1900 Mar 6, Gottlieb Daimler (65), designer of the 1st motorcycle, died.
(MC, 3/6/02)

1900 Mar 9, Aimone, duke of Spoleta-Aosta, Italian king of Croatia (1941-43), was born.
(MC, 3/9/02)

1900 Mar 11, British Prime Minister Lord Salisbury (1830-1903) rejected the peace overtures offered from Boer leader Paul Kruger.
(HN, 3/11/98)(WUD, 1994, p.1262)

1900 Mar 13, George Seferis (d.1991), Greek poet, was born.
(HN, 3/13/01)

1900 Mar 14, Congress ratified the Gold Standard Act for U.S. currency.
(AP, 3/14/97)(HN, 3/14/98)

1900 Mar 19, [Jean] Frederic Joliot-Curie, French physicist (Nobel 1935), was born.
(MC, 3/19/02)
1900 Mar 19, President McKinley asserted the need for free trade with Puerto Rico.
(HN, 3/19/98)

1900 Mar 21, Paul Kletzki, Polish violinist, composer, conductor, was born.
(MC, 3/21/02)

1900 Mar 23, Erich Fromm (d.1980), German-American psychologist (Sane Society), was born in Frankfurt, Germany.
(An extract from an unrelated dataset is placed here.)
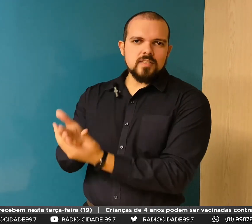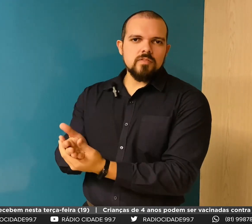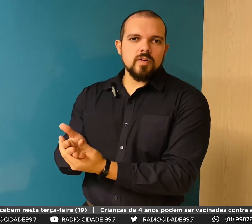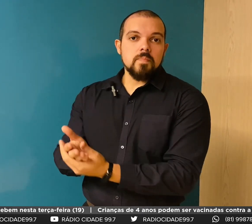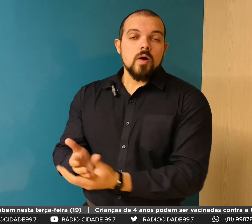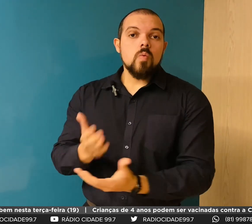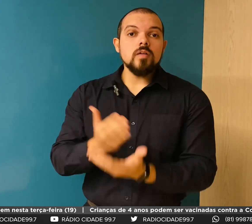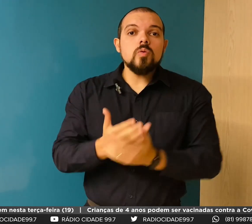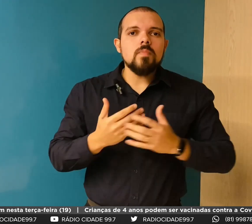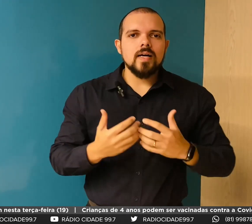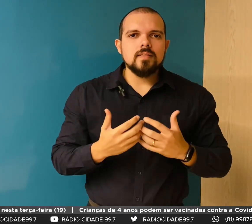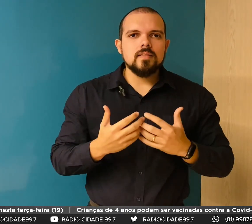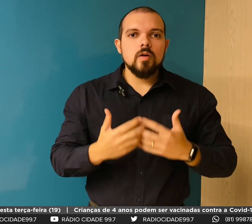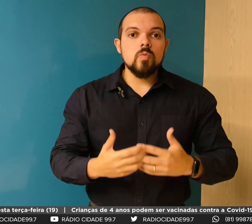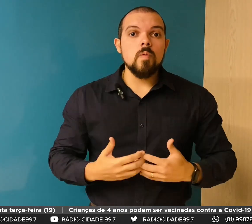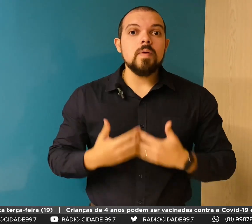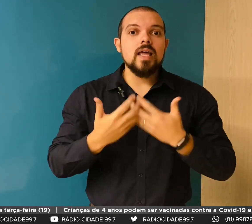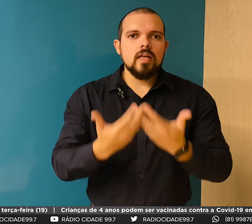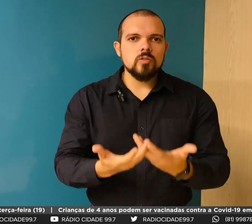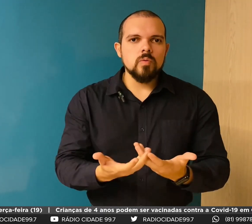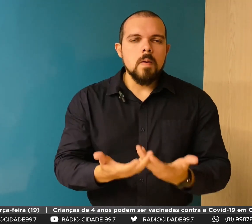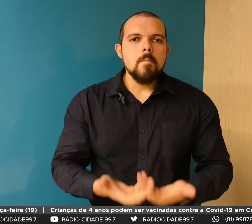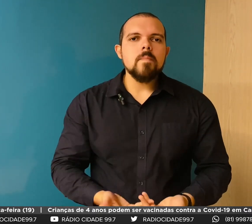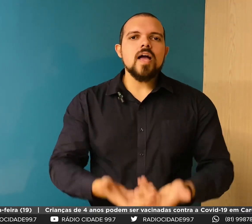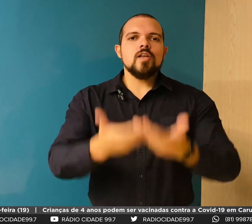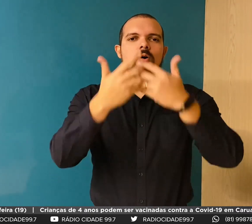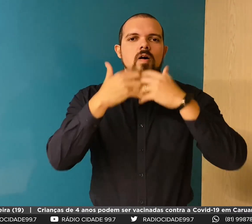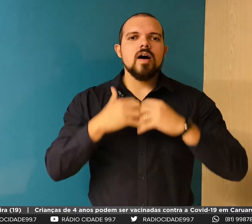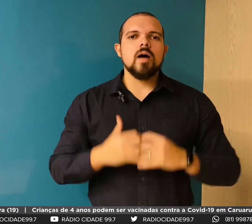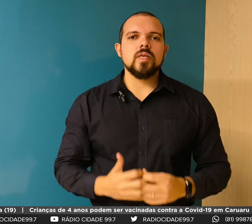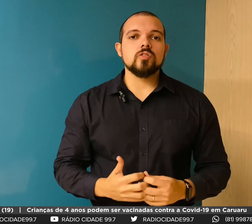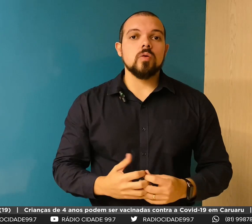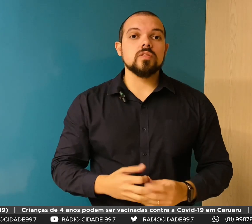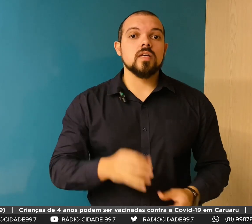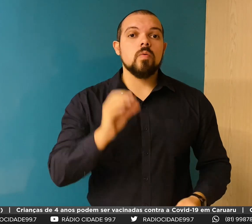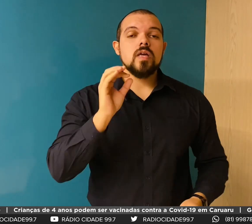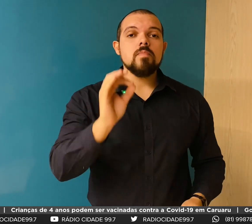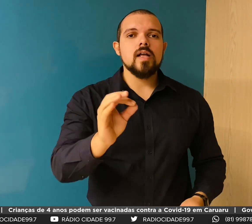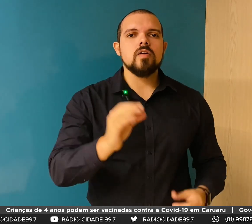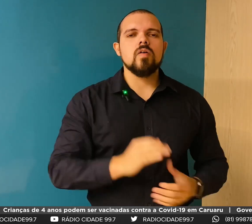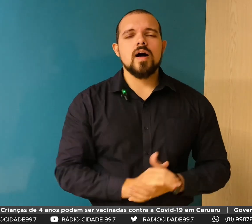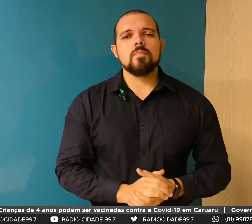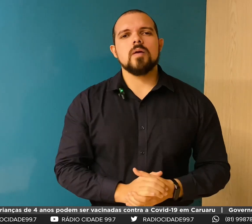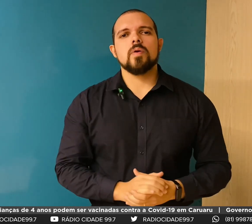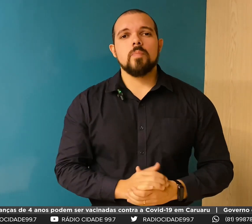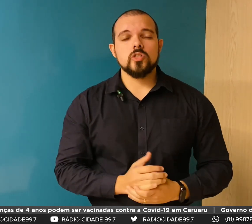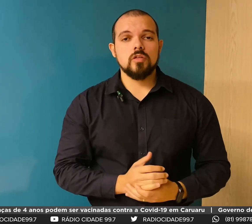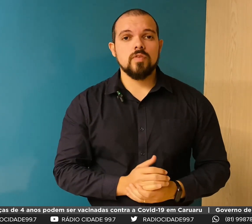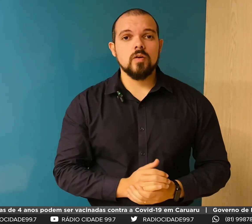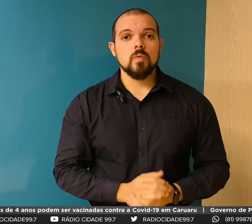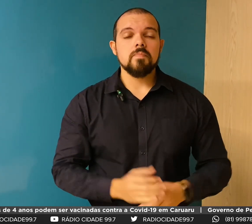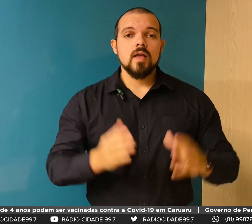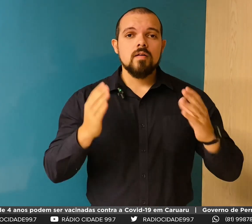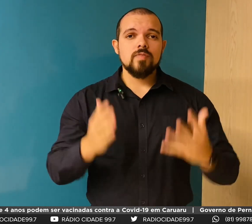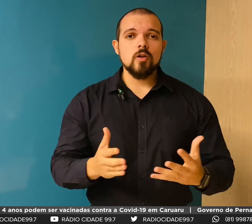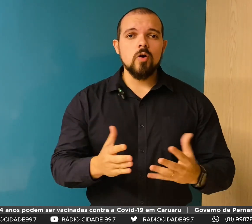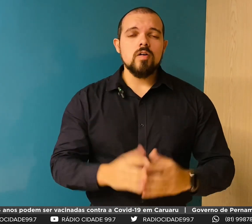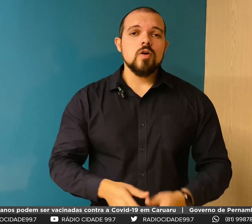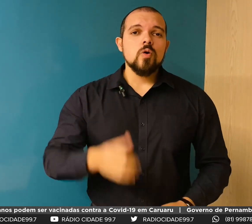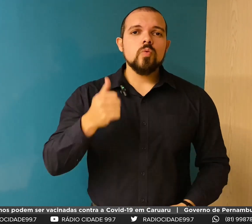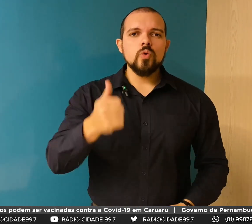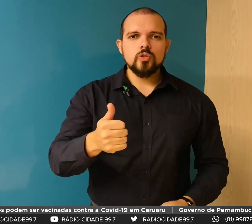efetiva. Quanto mais eu compreendo, melhor a minha solução e melhor a minha proposta de valor.

He wrote "The Sane Society." “Modern man thinks he loses something, time, when he does not do things quickly. Yet he does not know what to do with the time he gains, except kill it.”
(AP, 4/21/97)(HN, 3/23/99)(SS, 3/23/02)

1900 Mar 24, Mayor Van Wyck of New York broke ground for the New York subway tunnel that would link Manhattan and Brooklyn.
(HN, 3/24/98)

1900 Mar 27, The London Parliament passed the War Loan Act which gave 35 million pounds to the Boer War cause.
(HN, 3/27/98)

1900 Apr 2, Heinrich Besseler, German musicologist, was born.
(MC, 4/2/02)

1900 Apr 4, There was an assassination attempt on Prince of Wales, King Edward VII.
(MC, 4/4/02)

1900 Apr 5, Spencer Tracy (d.1967), film actor (Adam's Rib, Guess Who's Coming to Dinner), was born.
(SFEC, 4/2/00, DB p.56,58)(HN, 4/5/01)
1900 Apr 5, An assassination attempt of Prince of Wales in Brussels failed.
(MC, 4/5/02)

1900 Apr 9, British forces routed the Boers at Kroonstadt, South Africa.
(HN, 4/9/98)

1900 Apr 11, US Navy's 1st submarine made its debut.
(MC, 4/11/02)

1900 Apr 14, Salvatore Baccaloni, basso buffo (Barber of Seville, l'Eosir d'Amore) actor (Merry Andrew, Rock-a-Bye Baby), was born in Rome.
(MC, 4/14/02)
1900 Apr 14, Gates opened to the World Fair, the Great Exposition in Paris. For a few months 210 temporary pavilions from different countries and architectural styles lined the Seine. The Exposition Universale included the Exposition Decennale, an art show of painting and sculpture from the previous decade. The first working escalator (patented in 1859), was manufactured by the Otis Elevator Company for the Paris Exposition.
(http://charon.sfsu.edu/publications/PARISEXPOSITIONS/1900EXPO.html)
(HN, 4/14/98)(WSJ, 2/16/00, p.A14)(HN, 8/9/00)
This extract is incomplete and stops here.